Articles
“Facing the Reality of God”
Imagine arguing with someone who said, “I don’t really believe in gravity. It’s fine with me if you believe in gravity. It’s fine if you want to order your life around your notions of gravity, but what I just can’t stand is people imposing gravity on me.” Initially, we might think they weren’t playing with a full deck—imposing gravity? gravity just is—but we would be compelled to correct them (Prov. 26:4-5). How would we persuade this imaginary person to believe in gravity? We certainly wouldn’t argue from the subjective, that is, arguing why gravity is true for us and therefore may also be true for them. We would more likely focus on establishing the existence of gravity in a more objective, fundamental way. We might ask what they think is holding them to them to the ground.

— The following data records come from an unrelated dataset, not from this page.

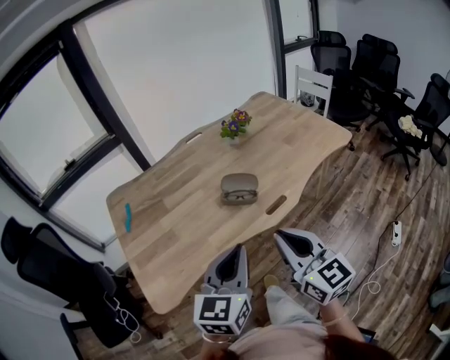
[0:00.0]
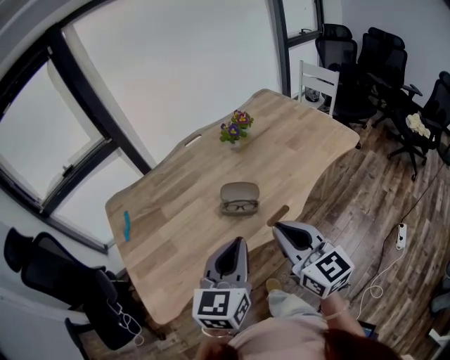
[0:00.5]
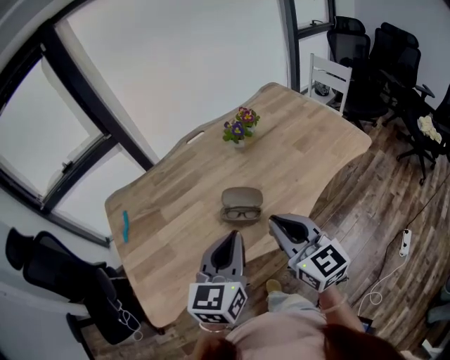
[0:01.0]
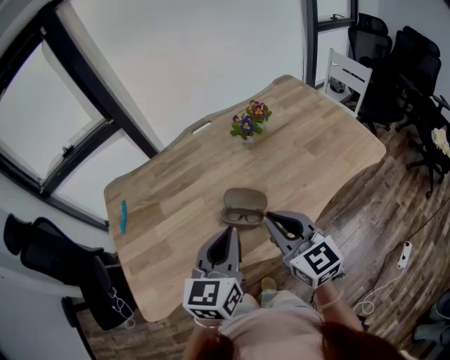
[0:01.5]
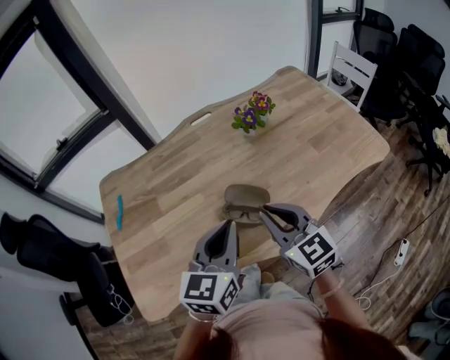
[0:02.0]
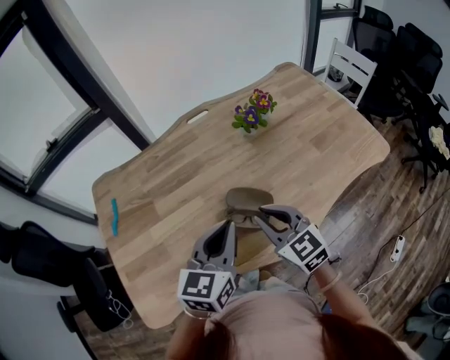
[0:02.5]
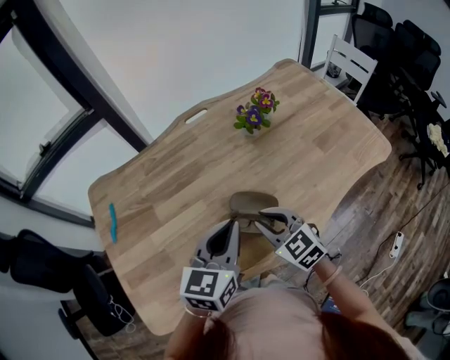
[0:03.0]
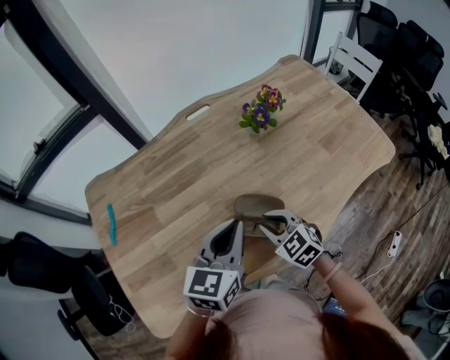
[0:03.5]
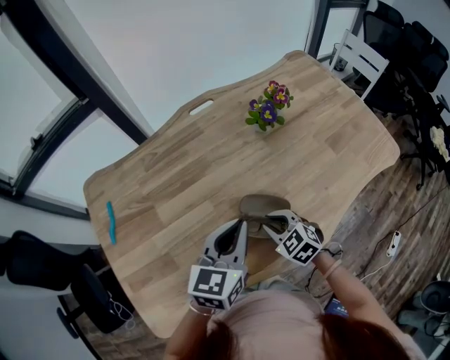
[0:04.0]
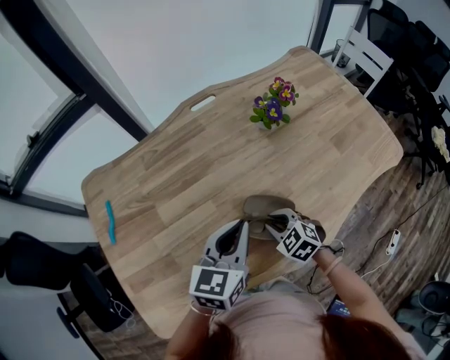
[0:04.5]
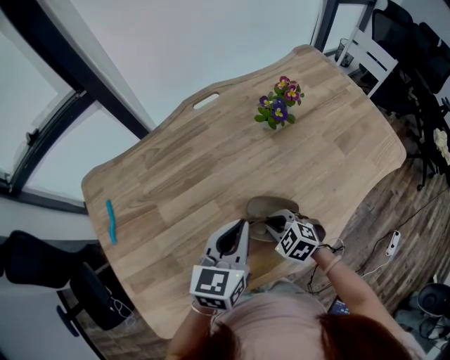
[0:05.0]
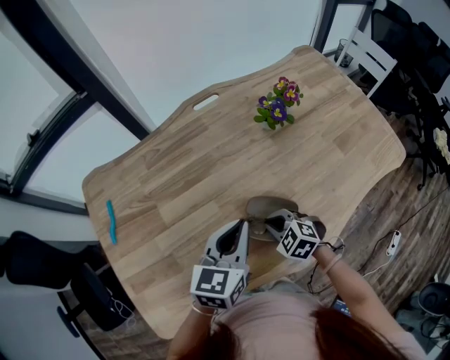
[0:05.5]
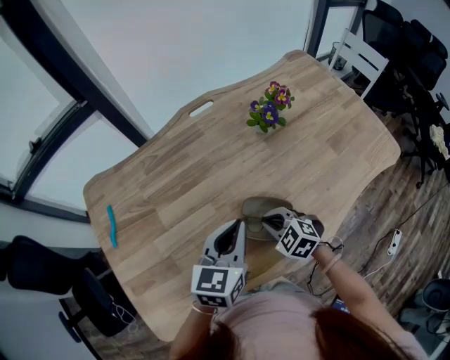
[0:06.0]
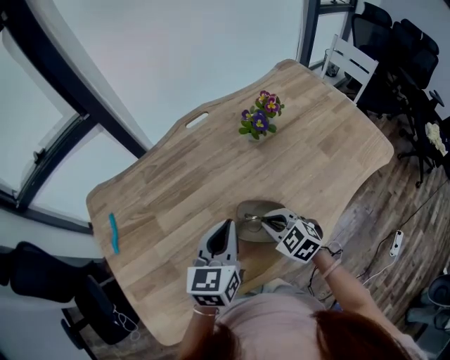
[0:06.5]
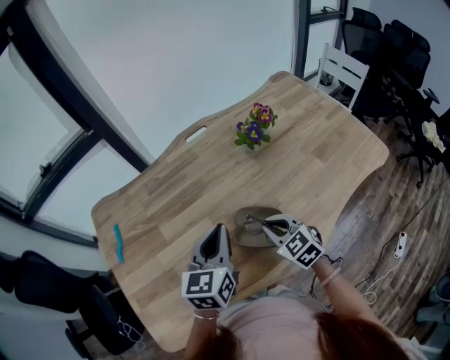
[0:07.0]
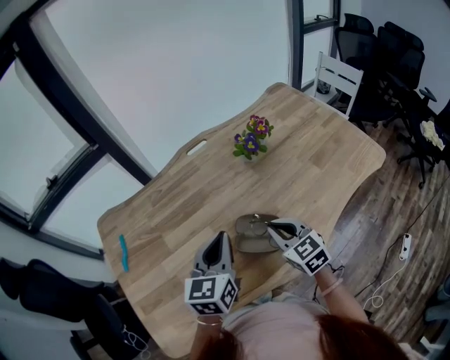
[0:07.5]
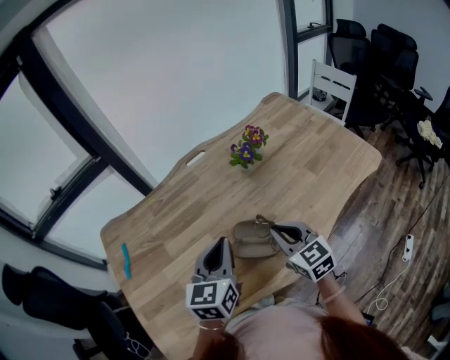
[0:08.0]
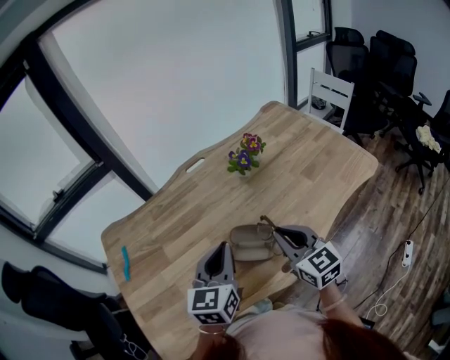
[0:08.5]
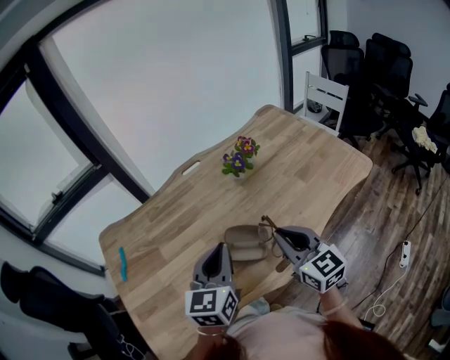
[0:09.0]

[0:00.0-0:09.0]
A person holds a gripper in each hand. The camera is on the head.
0:00.0 to 0:02.0: The grippers both shift forward by about 25 cm. The right gripper changes its angle by about 20 degrees.
0:02.0 to 0:04.5: The right gripper travels downward by some 25 cm, and tilts its fingers about 40 degrees downward; the left gripper heads forward and downward, covering about 15 cm.
0:04.5 to 0:07.0: The right gripper moves upward, roughly 10 cm.
0:07.0 to 0:09.0: The left gripper moves upward and backward, about 10 cm; the right gripper is displaced upward and to the right by roughly 20 cm, and rotates roughly 30 degrees.

Let’s hold that thought and return to it later.
In Acts 17, when Paul enters Athens he sees that the city is “full of idols” (16) so he begins to “reason” with the citizens (17) until he catches the attention of the local philosophers (18). They bring him to the Areopagus (19), a prominent outcropping across from the Parthenon that served as a place of public discourse and legal hearings. Two kinds of philosophers were present. The Epicureans attacked superstitious, irrational belief in the gods, expressed in idolatry, while the Stoics stressed the unity of mankind and our kinship with God, together with man’s moral duty. In a masterstroke, Paul manages to agree with aspects of both philosophies while demonstrating their insufficiencies. He expresses the gospel in terms his audience would understand while turning their ideas inside out.
Paul begins his message by referencing their altar to the “unknown god,” using it as a starting point to introduce them to the one true God (22-23). The altar was not a concession to the possibility that there might be one God but rather a display of their ignorance. Notice how Paul unfolds his message. He doesn’t say, “Men of Athens, I perceive that in every way you are very religious. Let me present an alternative way to think about the world…” Rather, he says, “Men of Athens, I perceive that in every way you are very religious. For as I passed along and observed the objects of your worship, I found also an altar with this inscription: ‘To the unknown god.’ What therefore you worship as unknown, this I proclaim to you,” and proceeds to tell them about the reality of this God.
He makes three basic claims that have unavoidable consequences.
God is Lord of creation (24-25) — Since God is the Creator of all things, he doesn’t need humans to provide him with room and board in the form of temples and sacrifices. He “does not dwell in temples made by man, nor is he served by human hands, as though he needed anything.” As created beings, it is we who are contingent and dependent upon him, not the other way around. He “gives to all mankind life and breath and everything.”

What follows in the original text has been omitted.